══ Available data

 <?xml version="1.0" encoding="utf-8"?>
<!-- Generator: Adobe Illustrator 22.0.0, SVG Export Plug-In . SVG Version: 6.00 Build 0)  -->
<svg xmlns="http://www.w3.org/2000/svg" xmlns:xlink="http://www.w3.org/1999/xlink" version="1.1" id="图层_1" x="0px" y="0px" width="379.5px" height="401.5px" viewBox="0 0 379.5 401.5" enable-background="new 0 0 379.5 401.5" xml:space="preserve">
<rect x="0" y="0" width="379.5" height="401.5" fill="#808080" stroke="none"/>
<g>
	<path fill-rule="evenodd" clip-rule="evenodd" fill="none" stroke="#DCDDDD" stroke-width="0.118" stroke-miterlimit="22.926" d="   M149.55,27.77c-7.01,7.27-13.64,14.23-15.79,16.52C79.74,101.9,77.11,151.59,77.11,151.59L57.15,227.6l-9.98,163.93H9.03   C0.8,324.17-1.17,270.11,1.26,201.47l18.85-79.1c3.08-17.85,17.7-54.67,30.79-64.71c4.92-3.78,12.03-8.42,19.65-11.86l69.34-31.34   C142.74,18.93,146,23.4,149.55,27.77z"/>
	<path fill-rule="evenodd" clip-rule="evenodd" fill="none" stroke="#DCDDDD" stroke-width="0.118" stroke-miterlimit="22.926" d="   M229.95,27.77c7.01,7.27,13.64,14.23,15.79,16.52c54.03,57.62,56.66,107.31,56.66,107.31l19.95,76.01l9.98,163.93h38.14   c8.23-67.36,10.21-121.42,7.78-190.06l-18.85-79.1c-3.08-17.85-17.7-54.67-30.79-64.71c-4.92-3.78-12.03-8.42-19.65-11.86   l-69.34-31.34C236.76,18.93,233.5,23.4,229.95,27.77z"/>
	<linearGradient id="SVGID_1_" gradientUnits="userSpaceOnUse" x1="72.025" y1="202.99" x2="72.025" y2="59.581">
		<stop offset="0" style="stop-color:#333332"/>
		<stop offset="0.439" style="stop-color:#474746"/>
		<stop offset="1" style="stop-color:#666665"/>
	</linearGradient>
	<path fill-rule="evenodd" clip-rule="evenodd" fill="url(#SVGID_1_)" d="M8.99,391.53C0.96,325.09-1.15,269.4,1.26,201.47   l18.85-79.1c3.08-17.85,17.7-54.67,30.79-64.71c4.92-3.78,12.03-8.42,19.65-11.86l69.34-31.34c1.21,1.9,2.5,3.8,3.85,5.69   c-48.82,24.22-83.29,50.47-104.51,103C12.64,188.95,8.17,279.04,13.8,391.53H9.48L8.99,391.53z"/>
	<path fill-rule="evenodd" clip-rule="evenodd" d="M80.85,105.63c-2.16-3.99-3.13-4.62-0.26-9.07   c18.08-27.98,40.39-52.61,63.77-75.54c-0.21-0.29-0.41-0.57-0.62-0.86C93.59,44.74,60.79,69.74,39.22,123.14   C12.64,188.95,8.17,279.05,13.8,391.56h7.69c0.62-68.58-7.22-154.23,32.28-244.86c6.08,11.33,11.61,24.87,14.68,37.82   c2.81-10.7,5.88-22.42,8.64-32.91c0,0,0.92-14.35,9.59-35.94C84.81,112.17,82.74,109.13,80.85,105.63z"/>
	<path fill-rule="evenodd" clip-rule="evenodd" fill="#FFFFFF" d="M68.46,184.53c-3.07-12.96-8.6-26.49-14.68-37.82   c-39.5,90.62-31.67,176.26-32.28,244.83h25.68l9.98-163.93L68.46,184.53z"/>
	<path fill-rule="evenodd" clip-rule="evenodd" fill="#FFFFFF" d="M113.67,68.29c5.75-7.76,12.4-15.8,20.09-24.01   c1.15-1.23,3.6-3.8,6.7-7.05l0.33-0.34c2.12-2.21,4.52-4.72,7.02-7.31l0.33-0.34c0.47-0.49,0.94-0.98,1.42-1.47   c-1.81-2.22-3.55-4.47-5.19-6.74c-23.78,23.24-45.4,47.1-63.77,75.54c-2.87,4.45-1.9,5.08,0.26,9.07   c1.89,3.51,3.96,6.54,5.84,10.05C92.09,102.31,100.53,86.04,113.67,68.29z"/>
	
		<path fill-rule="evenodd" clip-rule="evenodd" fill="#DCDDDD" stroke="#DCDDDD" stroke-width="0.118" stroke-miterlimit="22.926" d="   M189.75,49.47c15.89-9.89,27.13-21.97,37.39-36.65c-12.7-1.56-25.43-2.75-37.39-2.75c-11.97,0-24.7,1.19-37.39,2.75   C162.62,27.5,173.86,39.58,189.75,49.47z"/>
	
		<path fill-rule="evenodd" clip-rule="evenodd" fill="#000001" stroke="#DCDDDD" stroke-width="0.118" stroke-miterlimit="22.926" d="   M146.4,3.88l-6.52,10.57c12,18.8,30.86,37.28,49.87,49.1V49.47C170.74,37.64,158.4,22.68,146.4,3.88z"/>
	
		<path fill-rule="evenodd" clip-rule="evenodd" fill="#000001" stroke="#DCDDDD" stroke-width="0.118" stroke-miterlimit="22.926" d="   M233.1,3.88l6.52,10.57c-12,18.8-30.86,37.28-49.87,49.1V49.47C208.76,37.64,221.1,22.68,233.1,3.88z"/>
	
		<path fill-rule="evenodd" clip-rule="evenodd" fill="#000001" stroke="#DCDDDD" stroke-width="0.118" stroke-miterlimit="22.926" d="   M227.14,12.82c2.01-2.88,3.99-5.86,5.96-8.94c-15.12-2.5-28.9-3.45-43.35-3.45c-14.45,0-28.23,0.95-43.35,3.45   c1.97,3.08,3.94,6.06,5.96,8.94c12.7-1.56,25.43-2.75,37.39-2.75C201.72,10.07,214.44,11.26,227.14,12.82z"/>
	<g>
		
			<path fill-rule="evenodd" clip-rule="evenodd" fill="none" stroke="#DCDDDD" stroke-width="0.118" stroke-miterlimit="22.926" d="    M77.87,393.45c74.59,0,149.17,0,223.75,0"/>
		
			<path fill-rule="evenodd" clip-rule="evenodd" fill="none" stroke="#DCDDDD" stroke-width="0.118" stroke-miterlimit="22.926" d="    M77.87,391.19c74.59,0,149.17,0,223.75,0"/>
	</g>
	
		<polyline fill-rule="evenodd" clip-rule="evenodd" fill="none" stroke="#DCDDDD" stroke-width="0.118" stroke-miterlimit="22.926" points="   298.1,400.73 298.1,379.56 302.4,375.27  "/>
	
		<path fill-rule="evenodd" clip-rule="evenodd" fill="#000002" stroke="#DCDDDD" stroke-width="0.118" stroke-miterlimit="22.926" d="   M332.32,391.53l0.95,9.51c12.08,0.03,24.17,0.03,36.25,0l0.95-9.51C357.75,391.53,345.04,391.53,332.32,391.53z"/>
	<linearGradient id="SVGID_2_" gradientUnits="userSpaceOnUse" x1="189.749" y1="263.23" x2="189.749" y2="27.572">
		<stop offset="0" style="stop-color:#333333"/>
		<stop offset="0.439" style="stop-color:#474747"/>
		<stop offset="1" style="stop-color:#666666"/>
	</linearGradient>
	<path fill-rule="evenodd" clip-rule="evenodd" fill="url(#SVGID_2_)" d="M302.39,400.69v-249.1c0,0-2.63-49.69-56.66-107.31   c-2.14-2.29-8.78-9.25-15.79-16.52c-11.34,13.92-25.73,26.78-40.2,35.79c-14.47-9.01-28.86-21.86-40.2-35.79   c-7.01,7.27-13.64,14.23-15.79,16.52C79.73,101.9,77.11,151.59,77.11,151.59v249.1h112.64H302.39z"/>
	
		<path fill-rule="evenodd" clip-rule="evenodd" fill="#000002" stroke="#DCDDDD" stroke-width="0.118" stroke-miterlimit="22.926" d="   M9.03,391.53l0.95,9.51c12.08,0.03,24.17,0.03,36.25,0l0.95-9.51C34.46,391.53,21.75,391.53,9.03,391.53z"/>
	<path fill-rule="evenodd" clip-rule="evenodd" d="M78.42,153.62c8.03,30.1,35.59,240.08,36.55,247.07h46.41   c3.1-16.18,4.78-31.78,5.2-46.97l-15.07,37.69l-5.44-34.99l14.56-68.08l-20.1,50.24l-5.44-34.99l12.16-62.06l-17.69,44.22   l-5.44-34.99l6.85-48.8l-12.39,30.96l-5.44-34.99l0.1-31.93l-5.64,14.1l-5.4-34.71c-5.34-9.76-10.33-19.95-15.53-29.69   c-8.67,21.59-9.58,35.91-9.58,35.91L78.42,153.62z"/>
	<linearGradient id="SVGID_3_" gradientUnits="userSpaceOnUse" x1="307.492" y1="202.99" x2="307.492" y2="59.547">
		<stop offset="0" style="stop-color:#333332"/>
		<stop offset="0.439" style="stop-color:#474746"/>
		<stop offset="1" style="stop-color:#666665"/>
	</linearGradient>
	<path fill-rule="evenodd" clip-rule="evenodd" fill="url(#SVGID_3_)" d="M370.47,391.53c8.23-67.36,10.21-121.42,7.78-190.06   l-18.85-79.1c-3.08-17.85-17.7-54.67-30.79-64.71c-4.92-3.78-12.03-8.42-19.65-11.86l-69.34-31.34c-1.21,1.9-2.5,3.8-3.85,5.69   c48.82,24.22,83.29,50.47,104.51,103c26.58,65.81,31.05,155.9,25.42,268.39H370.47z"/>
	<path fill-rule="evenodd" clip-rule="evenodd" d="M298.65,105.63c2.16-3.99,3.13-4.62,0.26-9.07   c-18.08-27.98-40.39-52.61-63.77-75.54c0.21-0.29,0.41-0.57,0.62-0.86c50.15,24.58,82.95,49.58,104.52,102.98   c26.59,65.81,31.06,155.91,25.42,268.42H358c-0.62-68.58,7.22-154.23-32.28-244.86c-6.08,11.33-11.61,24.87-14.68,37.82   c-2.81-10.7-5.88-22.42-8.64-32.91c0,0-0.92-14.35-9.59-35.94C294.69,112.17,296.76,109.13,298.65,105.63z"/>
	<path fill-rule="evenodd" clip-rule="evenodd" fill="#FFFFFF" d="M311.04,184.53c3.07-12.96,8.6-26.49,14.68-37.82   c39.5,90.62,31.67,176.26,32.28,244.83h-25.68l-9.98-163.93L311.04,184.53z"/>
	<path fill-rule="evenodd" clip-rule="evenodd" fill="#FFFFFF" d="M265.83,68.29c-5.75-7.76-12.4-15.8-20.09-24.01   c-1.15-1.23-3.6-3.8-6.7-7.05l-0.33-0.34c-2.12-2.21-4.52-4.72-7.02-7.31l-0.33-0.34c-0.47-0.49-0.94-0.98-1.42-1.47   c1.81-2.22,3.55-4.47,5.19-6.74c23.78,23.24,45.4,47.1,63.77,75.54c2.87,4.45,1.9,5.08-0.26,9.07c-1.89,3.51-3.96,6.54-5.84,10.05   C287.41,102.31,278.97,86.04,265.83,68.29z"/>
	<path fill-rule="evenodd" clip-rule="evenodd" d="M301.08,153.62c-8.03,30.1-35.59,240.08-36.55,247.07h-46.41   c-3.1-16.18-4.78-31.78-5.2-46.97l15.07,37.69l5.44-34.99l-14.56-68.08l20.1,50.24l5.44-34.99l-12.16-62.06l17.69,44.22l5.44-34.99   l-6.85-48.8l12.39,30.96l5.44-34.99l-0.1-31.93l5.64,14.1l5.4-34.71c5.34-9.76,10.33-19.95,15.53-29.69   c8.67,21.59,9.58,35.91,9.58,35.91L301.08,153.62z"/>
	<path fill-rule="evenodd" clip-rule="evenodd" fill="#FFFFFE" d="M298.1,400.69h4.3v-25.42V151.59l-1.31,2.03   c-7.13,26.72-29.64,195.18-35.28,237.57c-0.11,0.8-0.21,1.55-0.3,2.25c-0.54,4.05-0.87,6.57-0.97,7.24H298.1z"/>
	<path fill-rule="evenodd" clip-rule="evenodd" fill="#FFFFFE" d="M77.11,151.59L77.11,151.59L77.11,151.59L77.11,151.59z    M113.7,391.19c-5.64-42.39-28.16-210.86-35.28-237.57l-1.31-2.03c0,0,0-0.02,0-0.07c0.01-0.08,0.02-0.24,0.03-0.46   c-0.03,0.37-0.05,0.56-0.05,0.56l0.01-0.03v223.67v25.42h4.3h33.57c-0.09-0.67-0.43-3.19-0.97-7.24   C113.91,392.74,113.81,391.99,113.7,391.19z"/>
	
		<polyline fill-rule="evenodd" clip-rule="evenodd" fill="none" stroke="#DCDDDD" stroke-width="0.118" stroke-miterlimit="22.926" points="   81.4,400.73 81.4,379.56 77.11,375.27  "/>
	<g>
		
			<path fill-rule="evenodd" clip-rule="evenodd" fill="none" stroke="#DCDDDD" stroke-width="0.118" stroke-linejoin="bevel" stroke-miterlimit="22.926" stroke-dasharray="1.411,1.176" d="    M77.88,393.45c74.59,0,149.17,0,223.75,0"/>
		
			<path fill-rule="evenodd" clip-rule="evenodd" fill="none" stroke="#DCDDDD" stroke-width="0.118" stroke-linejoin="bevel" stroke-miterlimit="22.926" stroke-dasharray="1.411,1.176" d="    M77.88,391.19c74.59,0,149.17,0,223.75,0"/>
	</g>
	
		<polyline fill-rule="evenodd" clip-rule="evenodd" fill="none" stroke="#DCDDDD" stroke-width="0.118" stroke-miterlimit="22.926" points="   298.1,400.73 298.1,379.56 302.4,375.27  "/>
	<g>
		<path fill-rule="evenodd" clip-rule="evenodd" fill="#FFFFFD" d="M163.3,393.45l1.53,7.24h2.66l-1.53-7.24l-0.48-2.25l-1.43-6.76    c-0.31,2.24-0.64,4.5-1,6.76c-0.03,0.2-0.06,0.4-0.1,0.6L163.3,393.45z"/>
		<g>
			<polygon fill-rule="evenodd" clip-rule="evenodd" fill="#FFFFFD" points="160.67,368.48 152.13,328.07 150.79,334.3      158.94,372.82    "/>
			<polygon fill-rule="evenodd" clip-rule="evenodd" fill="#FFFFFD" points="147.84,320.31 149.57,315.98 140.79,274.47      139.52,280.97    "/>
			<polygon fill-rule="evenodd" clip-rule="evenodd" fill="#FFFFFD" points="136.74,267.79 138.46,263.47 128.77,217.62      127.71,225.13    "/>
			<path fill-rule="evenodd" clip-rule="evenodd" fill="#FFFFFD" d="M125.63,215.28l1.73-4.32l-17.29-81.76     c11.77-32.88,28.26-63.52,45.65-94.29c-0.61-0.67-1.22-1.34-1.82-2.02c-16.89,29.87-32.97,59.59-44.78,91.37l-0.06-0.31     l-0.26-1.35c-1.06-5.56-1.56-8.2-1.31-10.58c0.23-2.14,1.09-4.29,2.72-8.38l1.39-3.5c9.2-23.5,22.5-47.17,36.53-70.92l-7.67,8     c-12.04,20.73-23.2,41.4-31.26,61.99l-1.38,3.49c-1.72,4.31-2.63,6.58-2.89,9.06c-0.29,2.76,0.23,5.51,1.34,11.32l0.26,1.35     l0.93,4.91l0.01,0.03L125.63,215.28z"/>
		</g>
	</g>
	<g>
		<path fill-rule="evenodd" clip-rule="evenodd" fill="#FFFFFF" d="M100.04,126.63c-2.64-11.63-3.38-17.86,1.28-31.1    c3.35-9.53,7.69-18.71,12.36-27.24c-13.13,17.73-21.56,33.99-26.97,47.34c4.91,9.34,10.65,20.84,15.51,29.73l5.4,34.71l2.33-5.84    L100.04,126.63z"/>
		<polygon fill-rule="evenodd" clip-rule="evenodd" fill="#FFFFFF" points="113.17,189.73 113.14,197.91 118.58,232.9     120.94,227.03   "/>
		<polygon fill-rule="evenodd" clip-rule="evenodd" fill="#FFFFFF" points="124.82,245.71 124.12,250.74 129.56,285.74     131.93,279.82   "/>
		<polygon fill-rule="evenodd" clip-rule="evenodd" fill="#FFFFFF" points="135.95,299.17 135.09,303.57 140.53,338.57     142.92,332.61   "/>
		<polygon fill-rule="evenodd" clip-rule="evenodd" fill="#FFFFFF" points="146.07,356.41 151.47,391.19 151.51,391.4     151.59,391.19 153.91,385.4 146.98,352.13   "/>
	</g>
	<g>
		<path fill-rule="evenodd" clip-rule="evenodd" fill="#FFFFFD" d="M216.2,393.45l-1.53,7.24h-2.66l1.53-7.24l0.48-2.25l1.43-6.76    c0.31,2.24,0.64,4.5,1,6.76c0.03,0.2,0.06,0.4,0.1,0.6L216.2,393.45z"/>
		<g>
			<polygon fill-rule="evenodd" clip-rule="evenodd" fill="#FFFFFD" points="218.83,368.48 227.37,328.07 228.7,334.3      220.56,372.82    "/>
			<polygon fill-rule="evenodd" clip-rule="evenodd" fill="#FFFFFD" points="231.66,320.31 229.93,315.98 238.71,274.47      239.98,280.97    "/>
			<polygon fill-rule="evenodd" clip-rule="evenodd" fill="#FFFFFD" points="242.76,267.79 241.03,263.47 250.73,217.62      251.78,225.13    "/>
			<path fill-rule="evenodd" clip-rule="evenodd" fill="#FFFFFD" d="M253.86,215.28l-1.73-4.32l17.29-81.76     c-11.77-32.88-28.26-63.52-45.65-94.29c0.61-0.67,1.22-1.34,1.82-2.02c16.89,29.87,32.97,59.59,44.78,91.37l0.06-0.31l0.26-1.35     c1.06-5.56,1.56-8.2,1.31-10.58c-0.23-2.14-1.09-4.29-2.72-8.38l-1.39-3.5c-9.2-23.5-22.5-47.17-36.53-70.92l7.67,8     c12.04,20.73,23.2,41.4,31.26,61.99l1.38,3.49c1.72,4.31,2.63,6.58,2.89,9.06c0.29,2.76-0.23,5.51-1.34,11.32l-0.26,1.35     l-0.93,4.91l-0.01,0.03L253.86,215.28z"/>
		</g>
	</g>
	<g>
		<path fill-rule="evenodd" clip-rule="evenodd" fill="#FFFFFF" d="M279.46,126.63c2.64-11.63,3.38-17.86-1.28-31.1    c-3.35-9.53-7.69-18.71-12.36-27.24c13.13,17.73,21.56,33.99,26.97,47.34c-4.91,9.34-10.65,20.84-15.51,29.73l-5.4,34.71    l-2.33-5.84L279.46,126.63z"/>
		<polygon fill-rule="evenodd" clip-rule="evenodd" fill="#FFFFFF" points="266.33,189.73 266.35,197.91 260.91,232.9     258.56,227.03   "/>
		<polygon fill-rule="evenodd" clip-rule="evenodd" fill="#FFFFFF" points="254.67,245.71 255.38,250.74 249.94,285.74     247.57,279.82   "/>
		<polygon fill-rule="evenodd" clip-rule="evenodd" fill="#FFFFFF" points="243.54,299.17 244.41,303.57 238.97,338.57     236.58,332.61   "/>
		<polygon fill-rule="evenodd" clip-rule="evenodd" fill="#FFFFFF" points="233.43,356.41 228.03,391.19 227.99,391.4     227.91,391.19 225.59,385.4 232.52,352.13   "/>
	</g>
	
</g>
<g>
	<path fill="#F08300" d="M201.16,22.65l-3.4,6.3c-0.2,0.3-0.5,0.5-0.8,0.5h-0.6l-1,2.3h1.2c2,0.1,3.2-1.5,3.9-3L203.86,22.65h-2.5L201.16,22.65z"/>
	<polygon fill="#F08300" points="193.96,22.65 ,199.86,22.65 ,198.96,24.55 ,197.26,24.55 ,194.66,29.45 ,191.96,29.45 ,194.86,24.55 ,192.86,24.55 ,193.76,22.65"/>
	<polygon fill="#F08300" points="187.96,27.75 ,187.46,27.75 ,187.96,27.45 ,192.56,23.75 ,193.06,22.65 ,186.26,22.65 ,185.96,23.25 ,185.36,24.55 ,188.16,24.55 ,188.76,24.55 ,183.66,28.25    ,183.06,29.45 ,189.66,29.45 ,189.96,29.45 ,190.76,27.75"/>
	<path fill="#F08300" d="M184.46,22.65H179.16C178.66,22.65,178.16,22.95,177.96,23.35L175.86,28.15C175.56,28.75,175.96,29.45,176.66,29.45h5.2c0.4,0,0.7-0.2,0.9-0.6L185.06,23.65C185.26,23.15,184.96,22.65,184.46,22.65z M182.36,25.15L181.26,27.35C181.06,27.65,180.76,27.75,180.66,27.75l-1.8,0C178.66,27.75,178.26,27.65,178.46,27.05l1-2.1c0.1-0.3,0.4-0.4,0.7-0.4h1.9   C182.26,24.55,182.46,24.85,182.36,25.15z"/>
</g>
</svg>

════

=== Required work ===
For the material above, state the number of lines that include the word "gradientUnits". Leave out everything else.

=== Task response ===
3